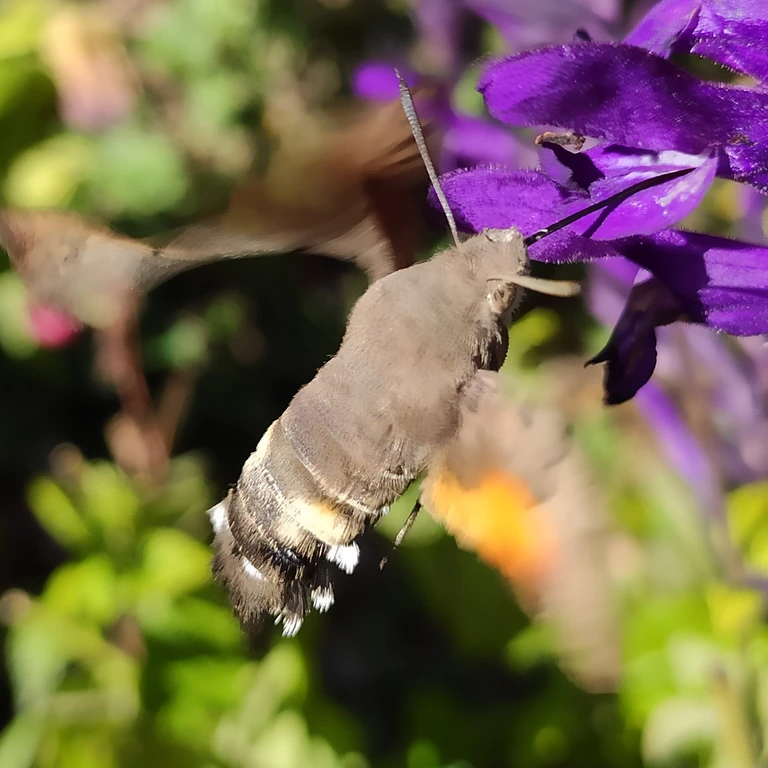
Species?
Macroglossum stellatarum
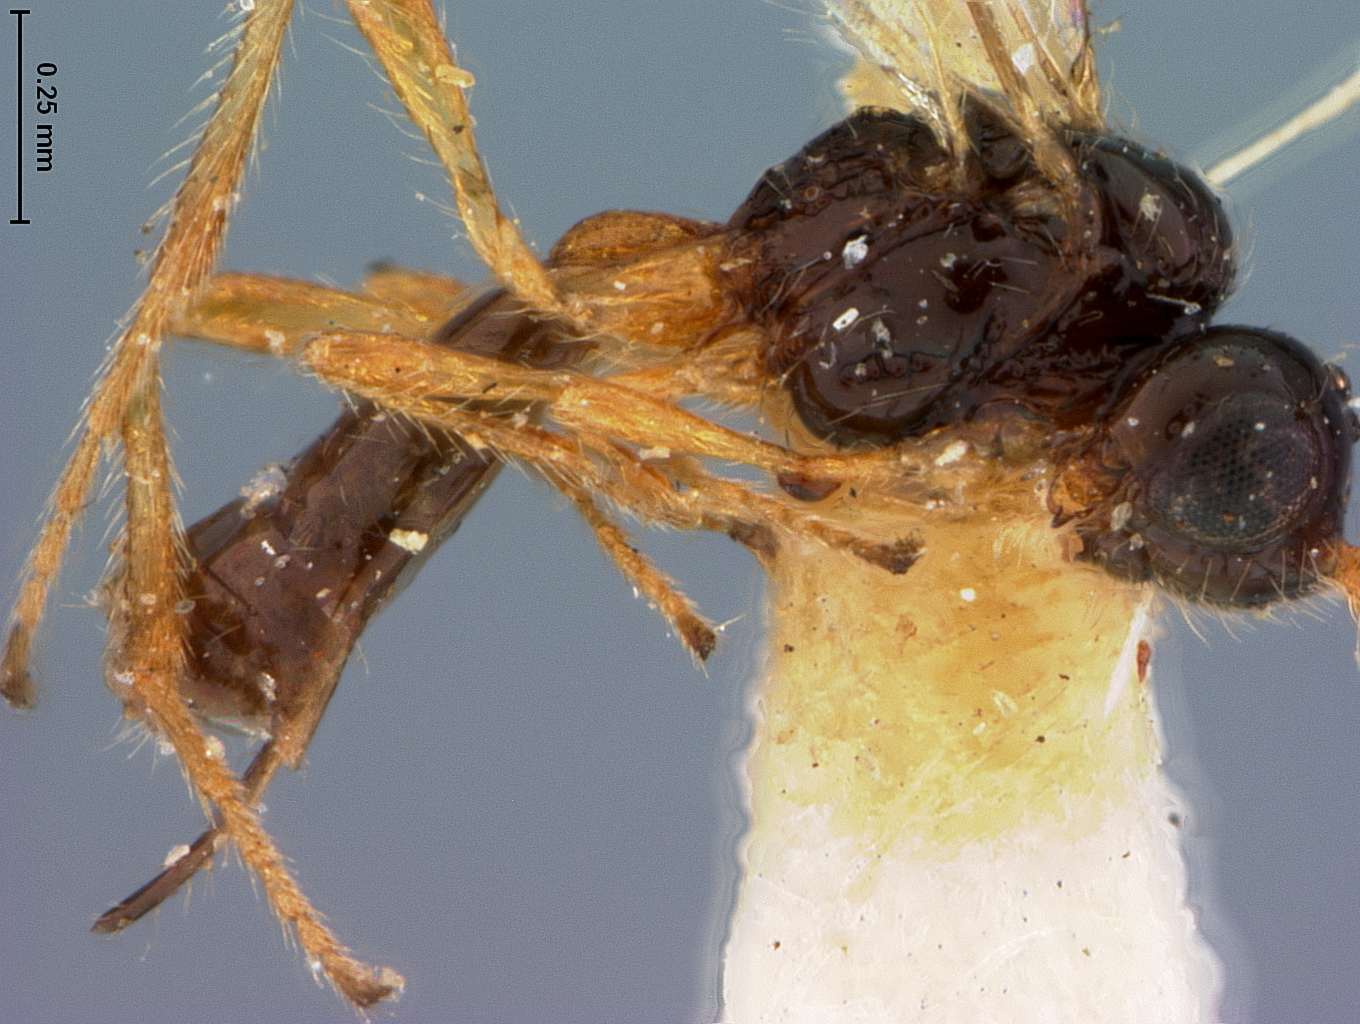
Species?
Aspilota sheldoni
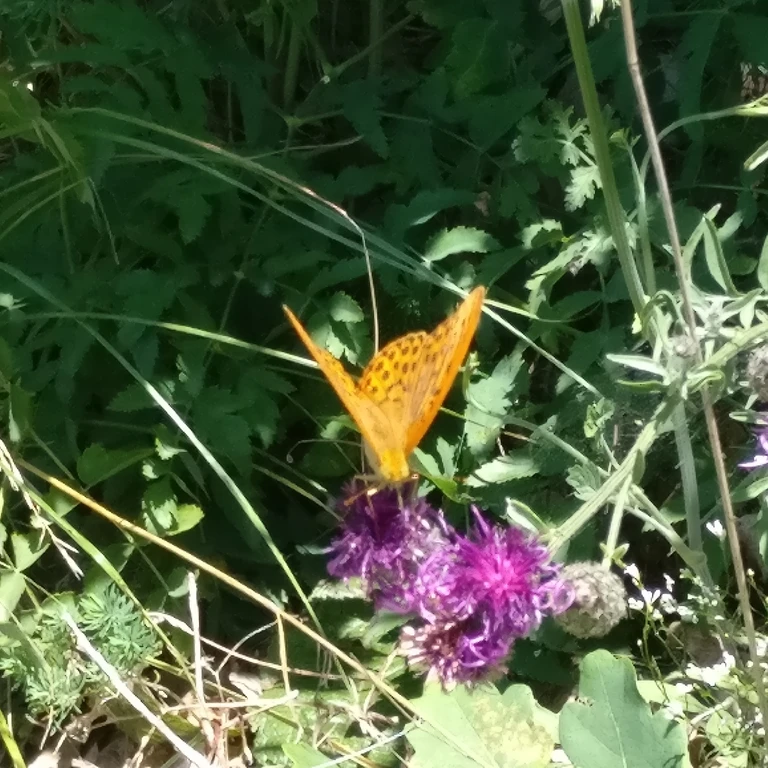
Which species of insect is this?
Argynnis paphia
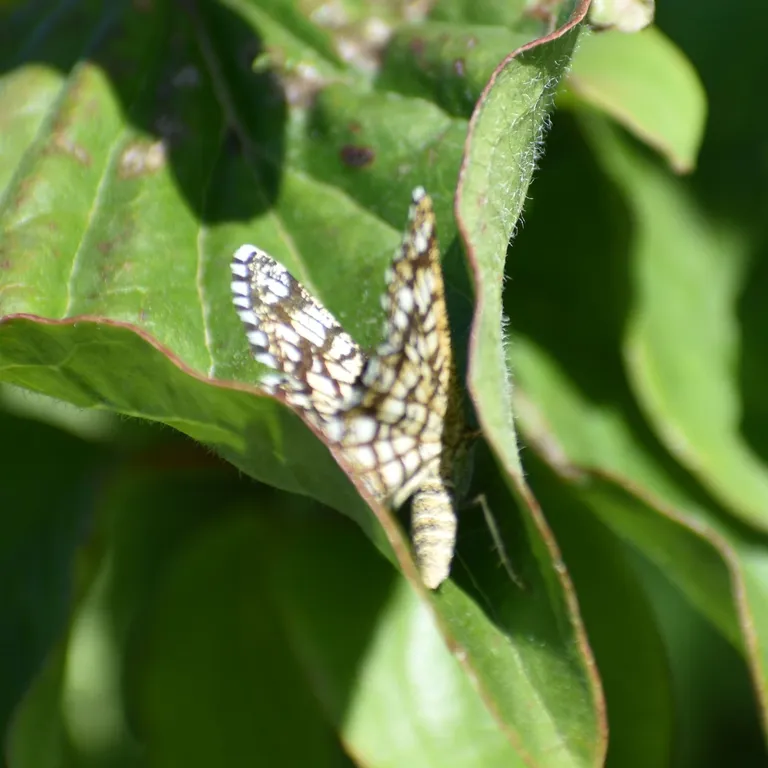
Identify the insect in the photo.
Chiasmia clathrata
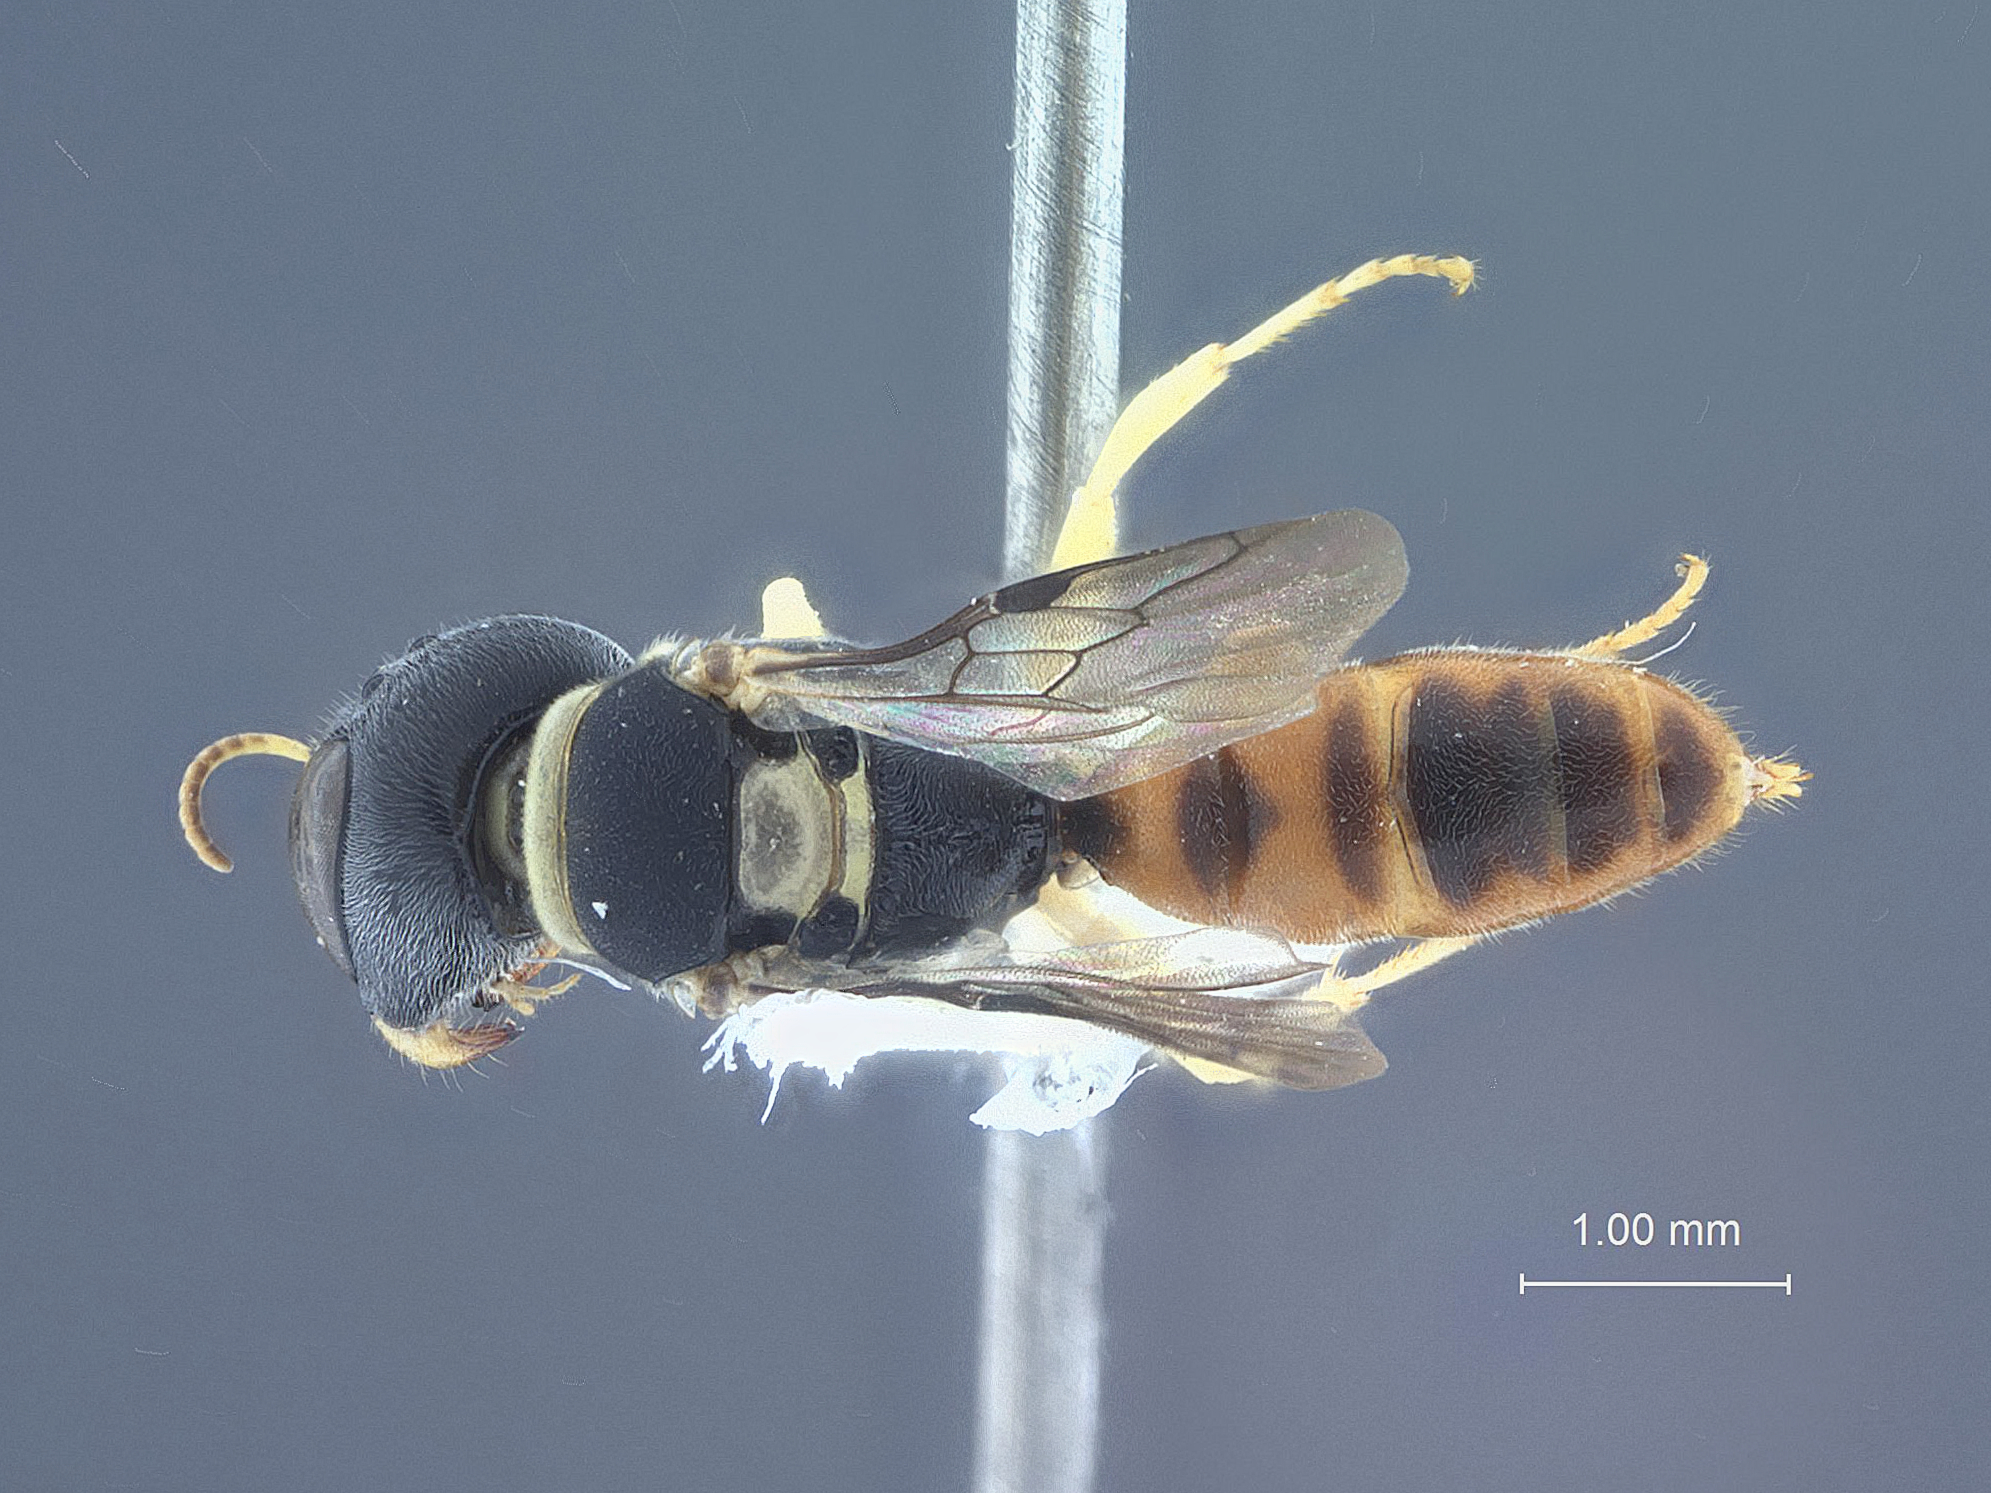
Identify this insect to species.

[Task objective]:
Return exactly, and only, the lines that run from the line containing "Identify the insect in the photo." to the last line of the entries above, both ends included, with pictures left out.

[Response box]:
Identify the insect in the photo.
Chiasmia clathrata
Identify this insect to species.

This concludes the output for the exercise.